Text and photos by Monica Kass Rogers
Matt Lopez was just a little kid when his dad started growing mushrooms in and around the family home on 76th Street. “He didn’t have much luck with buttons,” Lopez recalls, “but he got really good at growing oysters.”
Fascinated, young Matt learned what he could from his father, and then went so deep with his own research, the mycology exhibit he entered in the school science fair got disqualified. “They didn’t believe that a nine-year-old could’ve done it, which really bummed me out,” says Lopez. “But I was still the coolest kid in school, knowing so much about mushrooms,” he adds, laughing.

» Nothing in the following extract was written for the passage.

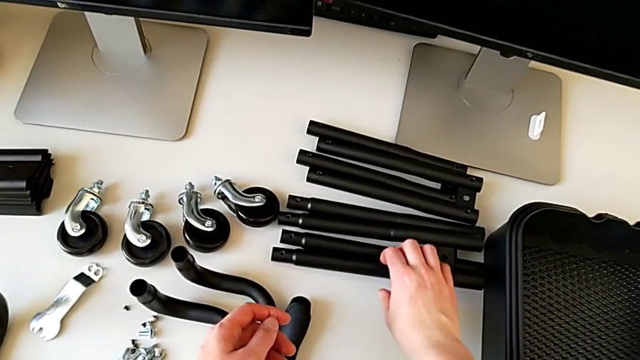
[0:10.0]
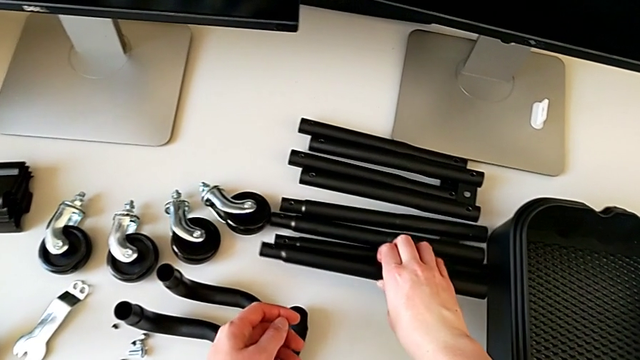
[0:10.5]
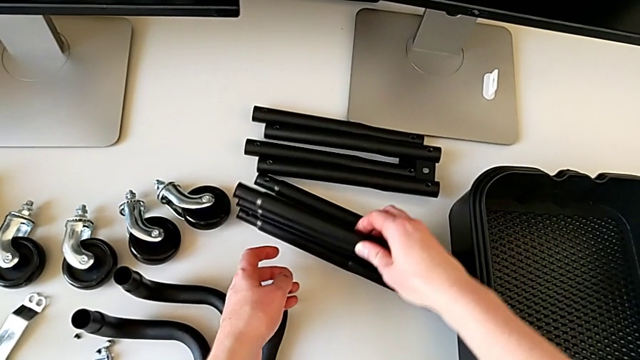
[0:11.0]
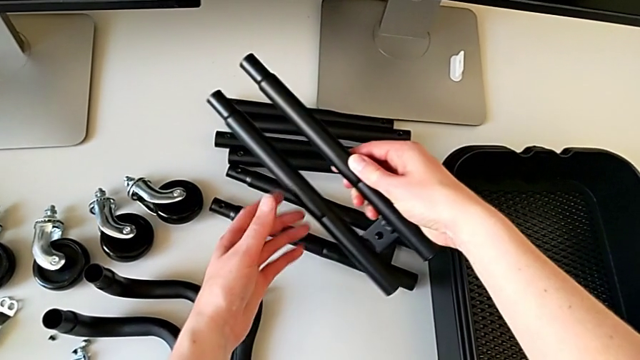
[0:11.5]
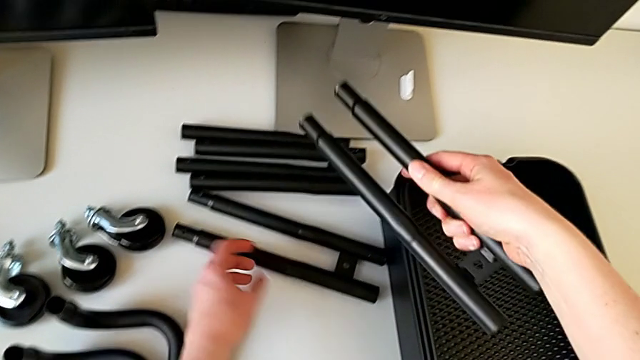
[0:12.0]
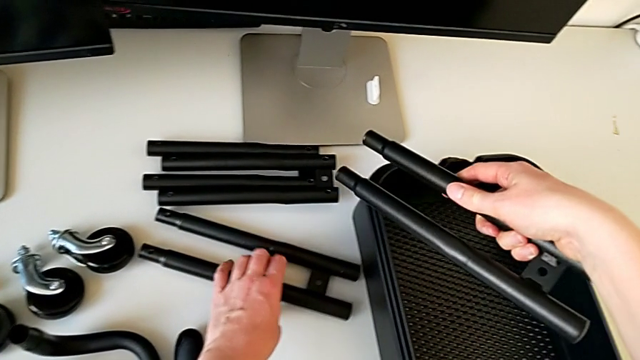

Lopez’ fungi fascination never died. At twenty-eight he’s now the head mycologist at Windy City Mushroom, which founder Guy Furman and co-owner John James Staniszewski recently moved from Humboldt Park to a sprawling 50,000-square-foot warehouse (once a World War II motor plant) in Ford City.
Together, the team is building an exotic mushroom empire. Going far beyond the little white buttons or porcini most of us have eaten, Windy City specializes in exotics, growing Chestnut mushrooms, Elm, Italian, Blue and Black Pearl King Trumpet Oyster mushrooms, Maitake, Comb Tooth, Reishi and two kinds of Lion’s Mane.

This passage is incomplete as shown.